2016 May 31st
We have two columnists today, both of whom are slashing away
at Hillary Clinton. The columnists, Mona Charen and Cal Thomas, have each written
taking Mrs. Clinton severely to task for her use of an in-home email server. Charen
quotes Clinton, “I did not email any classified material to anyone on my email.”
Then Charen says that, “The State Department itself has declined to release 22 Clinton
emails because they were secret. Having been trapped in a lie,…” But the lie here,
or at least the gross mislead, is that these “secret” emails were, according to
Charen, classified as secret, when they passed through Clinton’s server. After
Clinton turned over her emails, a cottage industry developed dealing with the
classification of her old emails. Can anyone say ex post facto, or understand the meaning of the term?
Then Charen turns her artillery on Donald Trump’s potential
Presidency. She says, “Americans blanch at the thought of this unstable,
emotionally stunted man with access to the nuclear codes… Trump deceives about
serious matters. Thousands of American Muslims were not dancing in the streets
after 9/11. Ford did not cancel plans for a factory in Mexico in response to
criticism from Trump. Trump did not oppose the Iraq war pre-invasion. We are
not losing $500 billion a year in trade with China…Wisconsin’s real
unemployment rate is not anywhere close to 20%.” After exposing this chronicle
of Trump’s lies, this columnist still believes that Clinton is just as bad.

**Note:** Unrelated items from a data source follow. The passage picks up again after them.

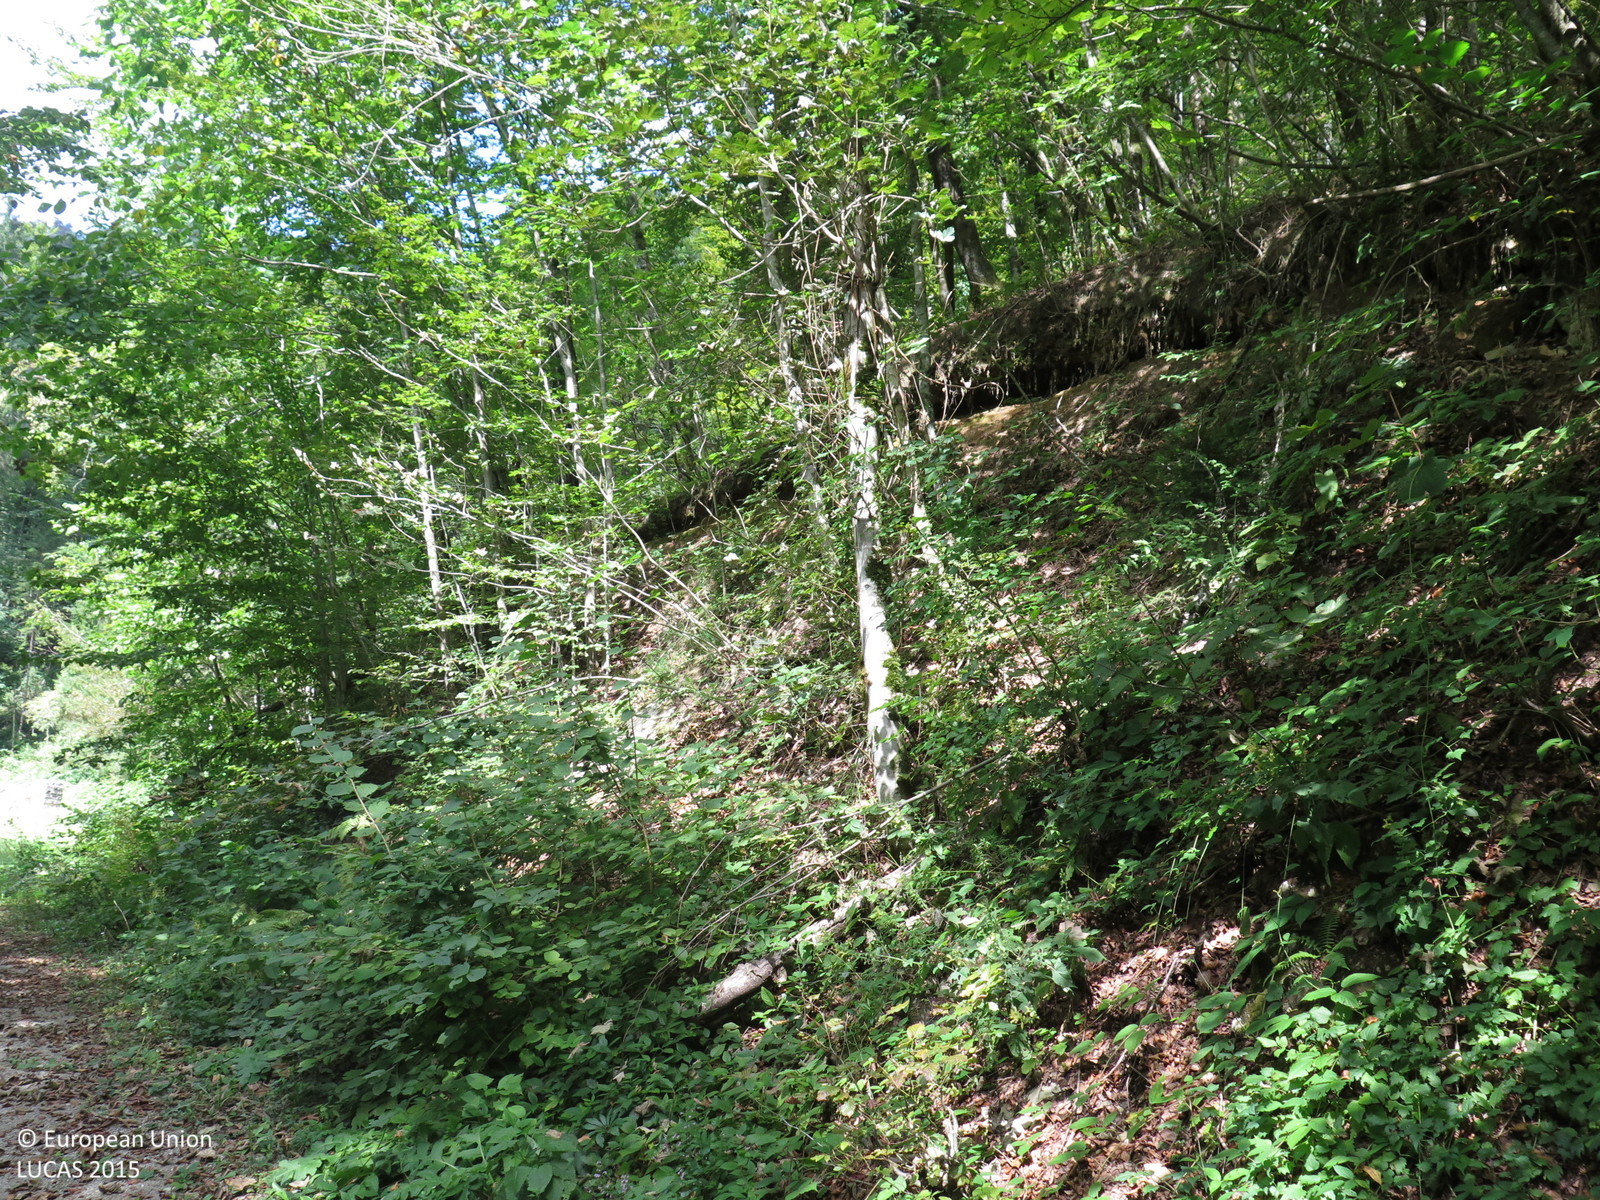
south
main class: Woodland
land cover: Broadleaved woodland
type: beech forest
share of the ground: > 75 %
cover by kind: broadleaved forest trees 90 %, shrubs 5 %, herbaceous plants 5 %
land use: Forestry
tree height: > 5 m
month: September
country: HR
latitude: 45.4870
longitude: 14.7679
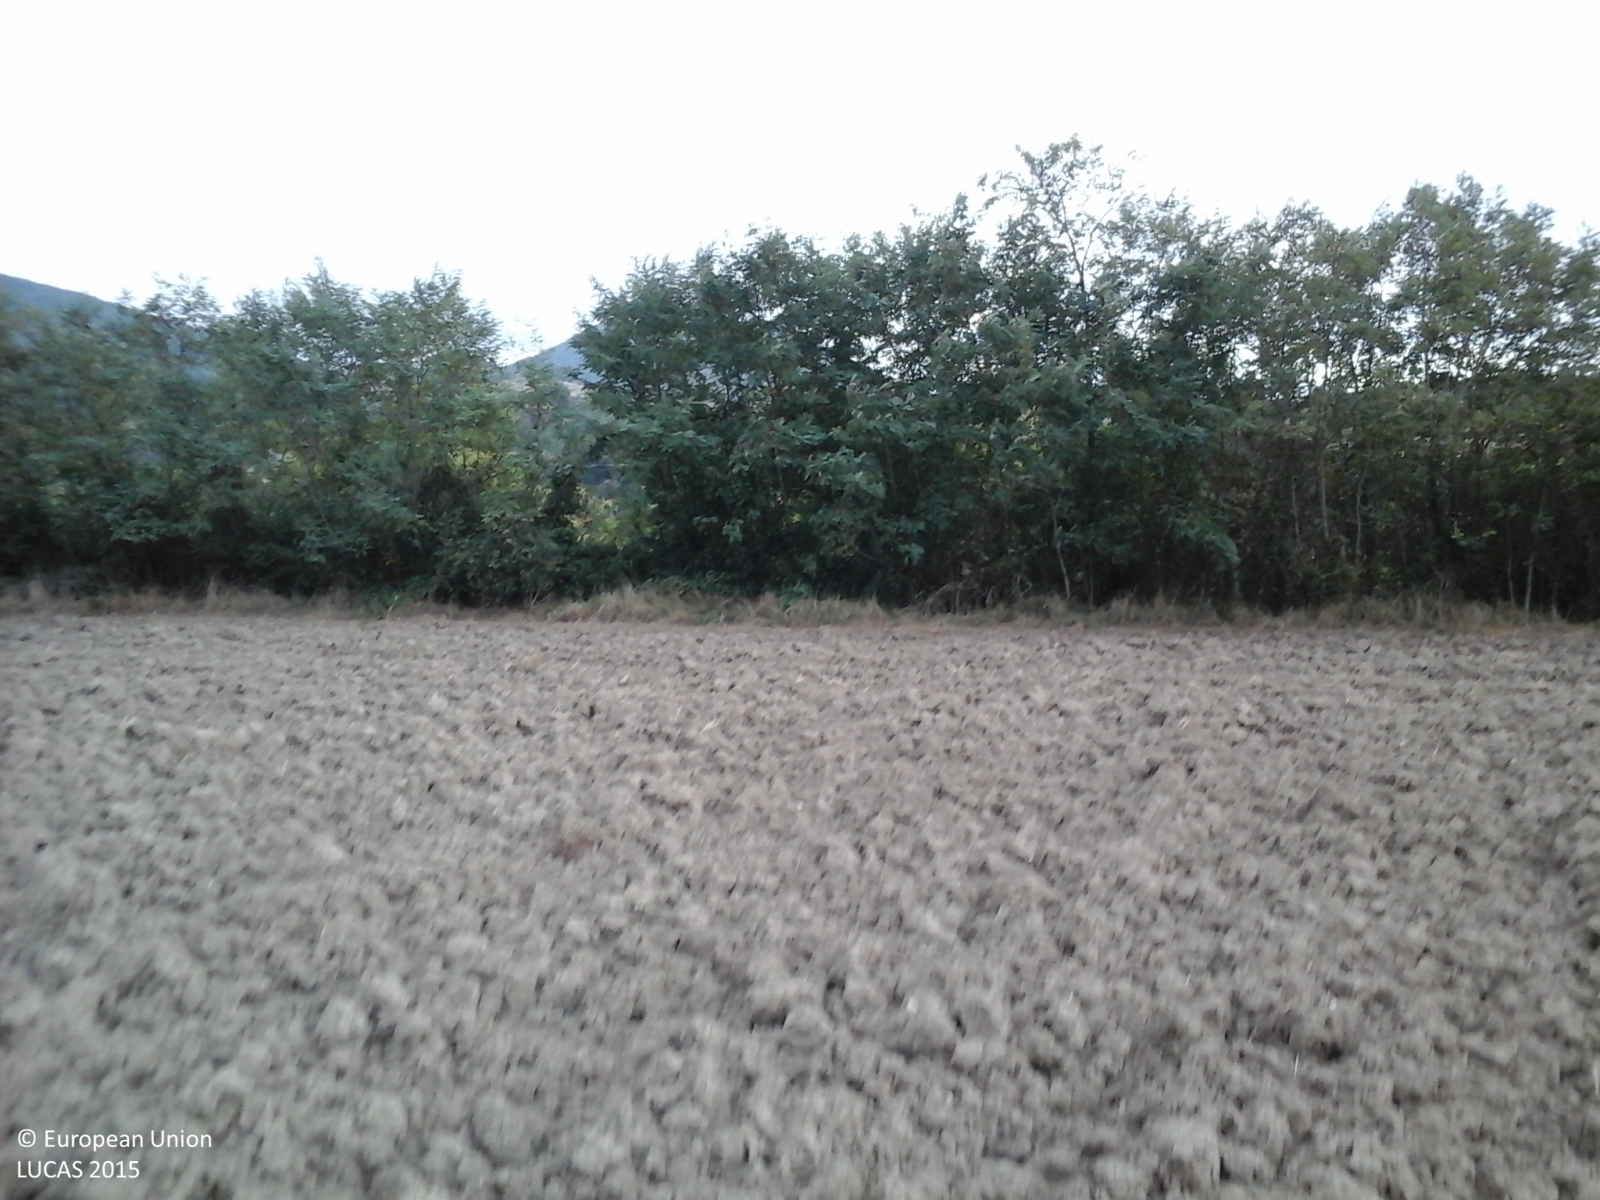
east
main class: Cropland
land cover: Durum wheat
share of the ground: < 10 %
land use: Agriculture (excluding fallow land and kitchen gardens)
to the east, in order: Durum wheat; Broadleaved woodland; Railways; Grass margins; Abandoned hedges; Grass margins; Paved roads, cycling and walking lanes; Grass margins; Other bare soil; Grass margins; Single bushes/trees; Vineyards; Spontaneously vegetated surfaces
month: September
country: IT
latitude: 43.3909
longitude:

Charen is always conservatively correct.
Then on to Cal Thomas; Cal is more accurate; he points out
that disconnecting the smoke detector on an airplane can get you fines and jail
time. Then he asks, “Isn’t what Hillary Clinton did far worse than that, if she
potentially compromised U.S. secrets?” Pleas not that Cal Thomas makes Clinton’s
transgression conditional; he says, “…if
she potentially compromised U.S. secrets.” Mona Charen, on the other hand,
leaves no doubt about the matter.
The matter of Clinton’s server’s location seems to be of
considerable importance to both of these folks, and to most other Clinton opponents.
It seems very necessary that every time the personal server is mentioned it
must be precisely located in the Clinton residence; to wit, in the Clinton’s
bathroom closet. Note that it is never said simply to have been in their house,
but to have been in a bathroom closet. One is almost convinced that Clinton’s
opponents believe that having a server in a bathroom closet makes its contents
much more available to Chinese or Russian master spies. Personally, I believe
that the bathroom closet location is very sensible; if a spy thought secrets were
available in the house, would they think to look there?